Pinned upstream: see references/upstream-pin.md. Live-validated: ✅ Resource & shape audit + APIM smoke calls against a real rg-citadel-hub-01 in Sweden Central (May 2026, see references/live-audit-notes.md).

1. Why this matters

Most "Foundry pilot" decks stop at "deploy a Foundry account, run an agent". That works for one team and one use case. The moment a second team needs the same model, you hit five hard problems:

Cost attribution. Whose subscription pays for which call?
Quota fairness. One team's batch run starves another's chat.
Policy uniformity. PII redaction, content safety, model allow-lists — defined once, enforced everywhere.
Auditability. Who called what model, when, with which prompt?
Backend abstraction. Switching a model from PTU → PayAsYouGo shouldn't require every spoke to re-deploy.

The Citadel Governance Hub is the AI Apps GBB reference design that solves all five at the platform level. APIM in front of every model backend, Cosmos for usage telemetry, Logic App for billing aggregation, Event Hub for streaming events, and a per-team Access Contract (APIM Product) that gives each spoke its own subscription key, scope, and policy bundle.

Without this you end up with N spoke projects each negotiating their own Foundry quota and their own PII policy — and your CISO finds out on day 91.

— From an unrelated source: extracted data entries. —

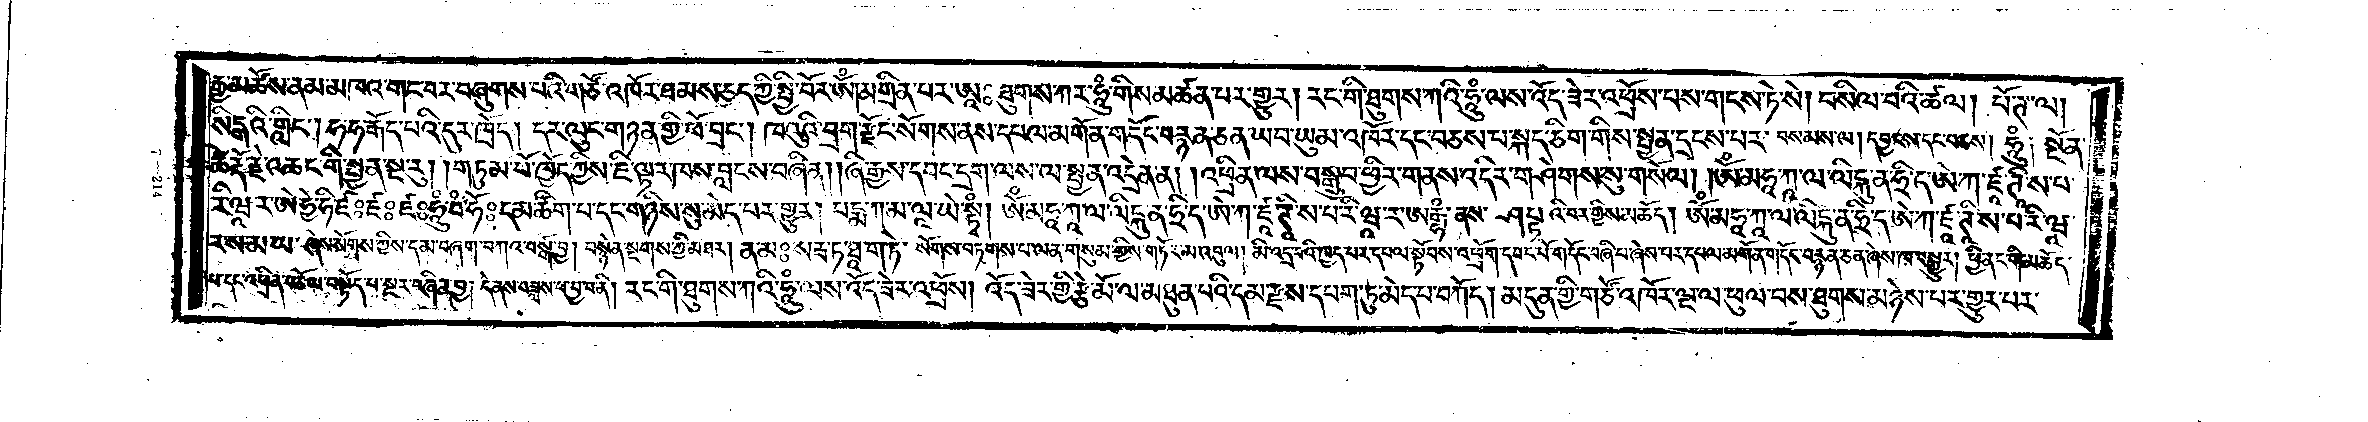རྒྱ་མཚོས་ནམ་མཁའ་གང་བར་བཞུགས་པའི་གཙོ་འཁོར་ཐམས་ཅད་ཀྱི་སྤྱི་བོར་ཨོཾ་མགྲིན་པར་ཨཱཿ ཐུགས་ཀར་ཧཱུཾ་གིས་མཚན་པར་གྱུར། རང་གི་ཐུགས་ཀའི་ཧཱུཾ་ལས་འོད་ཟེར་འཕྲོས་པས་གངས་ཏེ་སེ། བསིལ་བའི་ཚལ། པོ་ཊ་ལ།
སིངྒའི་གླིང་། ཧ་ཧ་རྒོད་པའི་དུར་ཁྲོད། དར་ལུང་གཉན་གྱི་ཕོ་བྲང་། ཁའུའི་བྲག་རྫོང་སོགས་ནས་དཔལ་མགོན་གདོང་བརྙན་ཅན་ཡབ་ཡུམ་འཁོར་དང་བཅས་པ་སྐད་ཅིག་གིས་སྤྱན་དྲངས་པར་བསམས་ལ། དབྱངས་དང་བཅས།  ཧཱུཾ༑ སྔོན་
ཚེ་རྡོ་རྗེ་འཆང་གི་སྤྱན་སྔ་རུ། །གཏུམ་པོ་ཁྱོད་ཀྱིས་ཇི་ལྟར་ཁས་བླངས་བཞིན། །ཞི་རྒྱས་དབང་དྲག་ལས་ལ་སྤྱན་འདྲེན་ན། །འཕྲིན་ལས་བསྒྲུབ་ཕྱིར་གནས་འདིར་གཤེགས་སུ་གསོལ། །ཨོཾ་མཧཱ་ཀཱ་ལ་ལིངྐུ་ན་ཧྲི་ད་ཨེ་ཀ་ཛཱ་ཊཱི་ས་པ་
རི་ཝཱ་ར་ཨེ་ཧྱེ་ཧི་ཛཿཛཿ ཛཿཧཱུཾ་བཾ་ཧོཿདམ་ཚིག་པ་དང་གཉིས་སུ་མེད་པར་གྱུར། པདམ་ཀ་མ་ལཱ་ཡེ་སྟྭཾ། ཨོཾ་མཧཱ་ཀཱ་ལ་ལིངྐུ་ན་ཧྲི་ད་ཨེ་ཀ་ཛཱ་ཊཱཨི་ས་པ་རི་ཝཱ་ར་ཨརྒྷཾ་ནས་ཤཔྟ་འི་བར་གྱིས་མཆོད།  ཨོཾ་མཧཱ་ཀཱ་ལ་ལིངྐུ་ན་ཧྲི་ད་ཨེ་ཀ་ཛཱ་ཊཱི་ས་པ་རི་ཝཱ་
ར་ས་མ་ཡ་ཞེས་སོགས་ཀྱི་དམ་བཞག་བཀའ་བསྒོ་བྱ། བསྙེན་སྔགས་ཀྱི་མཐར།  ན་མཿསརྦ་ཏ་ཐཱ་ག་ཏེ་སོགས་བཏགས་པ་ལེན་གསུམ་གྱིས་གཏོར་མ་འབུལ། མི་འདྲ་བའི་ཁྱད་པར་དཔལ་སྟོབས་འཕྲོག་དབང་པོ་གདོང་བཞི་པ་ཞེས་པར་དཔལ་མགོན་གདོང་བརྙན་ཅན་ཞེས་ཁ་བསྒྱུར། ཕྱི་ནང་གི་མཆོད་
པ་དང་འཕྲིན་བཅོལ་བསྟོད་པ་སྔར་བཞིན་བྱ། དེ་ནས་བཟླས་པ་བྱ་བ་ནི། རང་གི་ཐུགས་ཀའི་ཧཱུཾ་ལས་འོད་ཟེར་འཕྲོས། འོད་ཟེར་གྱི་རྩེ་མོ་ལ་མཐུན་པའི་དམ་རྫས་དཔག་ཏུ་མེད་པ་བཀོད། མདུན་གྱི་གཙོ་འཁོར་ལྔ་ལ་ཕུལ་བས་ཐུགས་མཉེས་པར་གྱུར་པར་
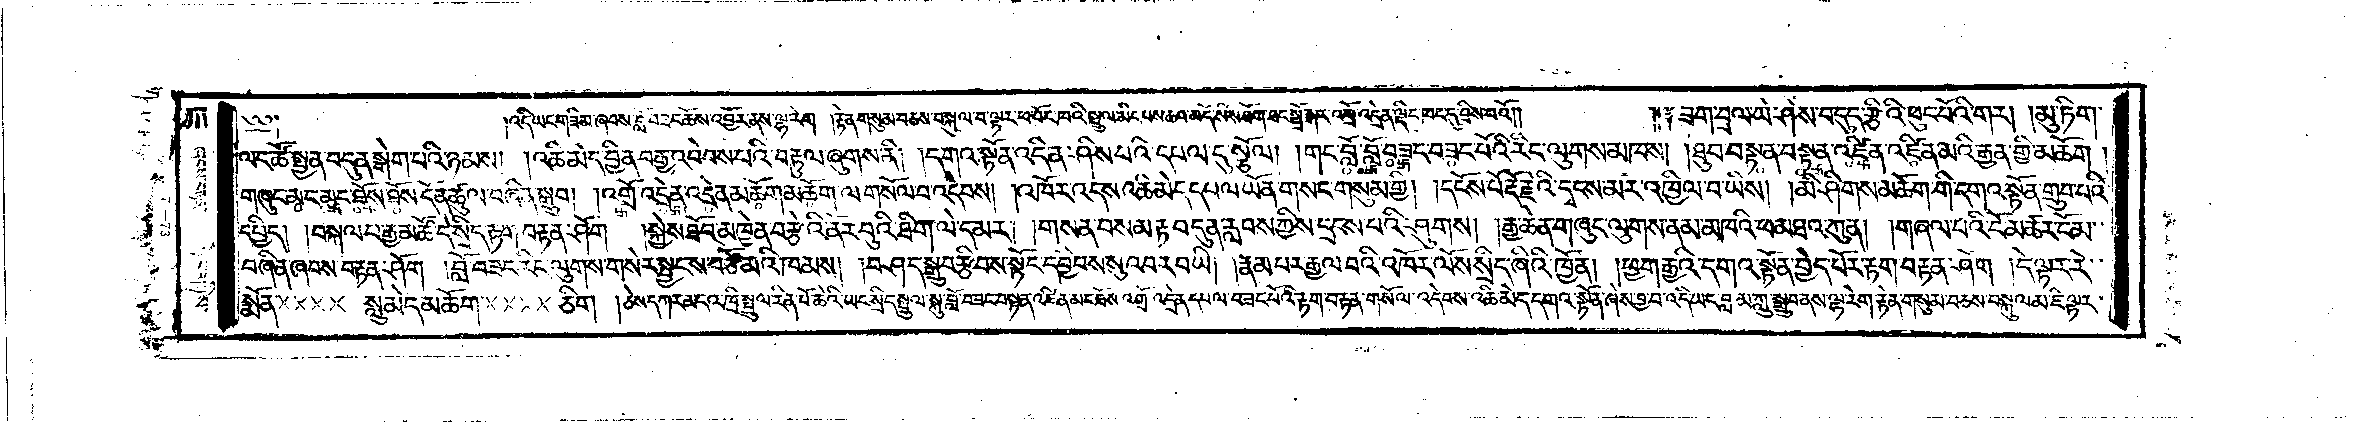༄༅། །འདི་ཡང་གཟིམ་ཞབས་བློ་བཟང་ཆོས་འབྱོར་ནས་ལྷ་རེག །རྟེན་གསུམ་བཅས་བསྐུལ་བ་ལྟར་ཕ་བོང་ཁའི་སྤྲུལ་མིང་པས་ཆབ་མདོ་སིས་ཐོག་ཐང་སྤྲོ་སྒར་འགྲོ་འདྲེན་ལྡིང་ཁང་དུ་བྲིས་པའོ།།  །། ༈ ཟག་བྲལ་ཡེ་ཤེས་བདུད་རྩིའི་ཕུང་བོའི་གར། །མུ་ཏིག་
ལང་ཚོ་སྤྱན་བདུན་སྒེག་པའི་ཉམས། །འཆི་མེད་བྱིན་བརྒྱ་འབེབས་པའི་བརྟུལ་ཞུགས་ནི། །དགའ་སྟོན་འདི་ན་ཤིས་པའི་དཔལ་དུ་སྩོལ། །གང་བློ་བློ་བཟང་བཟང་པོའི་རིང་ལུགས་མཁས། །ཐུབ་བསྟན་བསྟན་འཛིན་འཛིན་མའི་རྒྱན་གྱི་མཆོག །
གཞུང་མང་མང་ཐོས་ཐོས་དོན་ཚུལ་བཞིན་སྒྲུབ། །འགྲོ་འདྲེན་འདྲེན་མཆོག་མཆོག་ལ་གསོལ་བ་འདེབས། །འཁོར་འདས་འཆི་མེད་དཔལ་ཡོན་གསང་གསུམ་གྱི། །དངོས་པོ་རྡོ་རྗེའི་དྭངས་མར་འཁྱིལ་བ་ཡིས། །མི་ཤིགས་མཆོག་གི་དགའ་སྟོན་གྲུབ་པའི་
དཔྱིད། །བསྐལ་བ་རྒྱ་མཚོ་དེ་སྲིད་རྟག་བརྟན་ཤོག །སྐྱེས་ཐོབ་མཁྱེན་བརྩེའི་ནོར་བུའི་ཐིག་ལེ་དམར། །གསན་བསམ་རྟ་བདུན་རླབས་ཀྱིས་དྲངས་པའི་ཤུགས། །རྒྱ་ཆེན་གཞུང་ལུགས་ནམ་མཁའི་ཕ་མཐའ་ཀུན། །གཞལ་བའི་ངོ་མཚར་ངོམ་
བཞིན་ཞབས་བརྟན་ཤོག །བློ་བཟང་རིང་ལུགས་གསེར་སྦྱངས་བཙོ་མའི་ཁམས། །བཤད་སྒྲུབ་རྩིབས་སྟོང་དབྱིབས་སུ་འབར་བ་ཡི། །རྣམ་པར་རྒྱལ་བའི་འཁོར་ལོས་སྲིད་ཞིའི་ཁྱོན། །ཕྱག་རྒྱའི་དགའ་སྟོན་བྱེད་པོར་རྟག་བརྟན་ཤོག །དེ་ལྟར་རེ་
སྨོན་྾྾྾་སླུ་མེད་མཆོག་྾྾྾་ཅིག་།ཅེས་དཀར་མདའ་ཁྲི་སྤྲུལ་རིན་པོ་ཆེའི་ཡང་སྲིད་སྤྲུལ་སྐུ་བློ་བཟང་བསྟན་འཛིན་མང་ཐོས་འགྲོ་འདྲེན་དཔལ་བཟང་པོའི་རྟག་བརྟན་གསོལ་འདེབས་འཆི་མེད་དགའ་སྟོན་ཞེས་བྱ་བ་འདི་ཡང་བླ་མ་ཀླུ་སྒྲུབ་ནས་ལྷ་རེག་རྟེན་གསུམ་བཅས་བསྐུལ་མ་ཇི་ལྟར

   ┌──────────────────────────────────────────────────────────┐
   │   Layer 1 — Governance Hub (this skill deploys it)        │
   │                                                           │
   │  ┌────────────┐    ┌──────────┐    ┌──────────────────┐  │
   │  │ APIM v2    │ ←→ │ Cosmos   │ ←→ │ Foundry (×N)     │  │
   │  │ AI Gateway │    │ Usage DB │    │ Multi-region     │  │
   │  └────────────┘    └──────────┘    └──────────────────┘  │
   │       ↑                  ↑                                │
   │       │                  │                                │
   │  ┌────┴───┐   ┌──────────┴────┐                          │
   │  │ Event  │   │ Logic App     │                          │
   │  │ Hub    │   │ Usage         │                          │
   │  └────────┘   │ Aggregation   │                          │
   │               └───────────────┘                          │
   └──────────────────────────────────────────────────────────┘
            ↑                          ↑                ↑
            │ per-team access contract │                │
            │ (APIM Product + sub key) │                │
   ┌────────┴──────┐         ┌─────────┴─────┐  ┌──────┴────┐
   │ Spoke project │         │ Spoke project │  │ Foundry   │
   │  team A       │         │   team B      │  │ Workspace │
   │ (use citadel- │         │ (use citadel- │  │ (use      │
   │  spoke-onbrd) │         │  spoke-onbrd) │  │  spoke…)  │
   └───────────────┘         └───────────────┘  └───────────┘

2. What `citadel-hub-deploy` does (and what it doesn't)

Does

Captures the upstream azd template at a pinned SHA (see references/upstream-pin.md); never silently rolls forward.
Wraps the deployment in a tenant-isolated, assertion-gated workflow (see azure-tenant-isolation).
Ships 3 curated AZD environment profiles in references/profiles/:
- pilot-quickstart.env — Developer SKU, cheapest demo
- enterprise-baseline.env — Standard v2, production-grade, BYO Log Analytics
- vnet-isolated-spoke-aware.env — BYO VNet + DNS, pre-wired for foundry-vnet-deploy spokes
Documents the 8 upstream validation notebooks and the recommended execution order.
Documents the post-deploy hand-off to citadel-spoke-onboarding (per-team access contracts) and foundry-agt (in-process governance).

Doesn't

Doesn't fork or vendor the upstream Bicep. The 55 KB main.bicep
- 3-tier module tree lives at the source repo and is fetched fresh by azd init --template ... --branch citadel-v1 at the pinned SHA.
Doesn't onboard spokes. That's citadel-spoke-onboarding — a single az deployment sub create against bicep/infra/citadel-access-contracts/main.bicep.
Doesn't add in-process governance. That's foundry-agt — runs inside the agent process, before/after every tool call.
Doesn't manage post-deploy upgrades. The bicep/infra/apim-gateway-upgrade/ flow (StandardV2 → newer SKUs, policy fragment refresh) is upstream-owned.
Doesn't onboard LLM backends. That's the validation/llm-backend-onboarding-runner.ipynb notebook upstream.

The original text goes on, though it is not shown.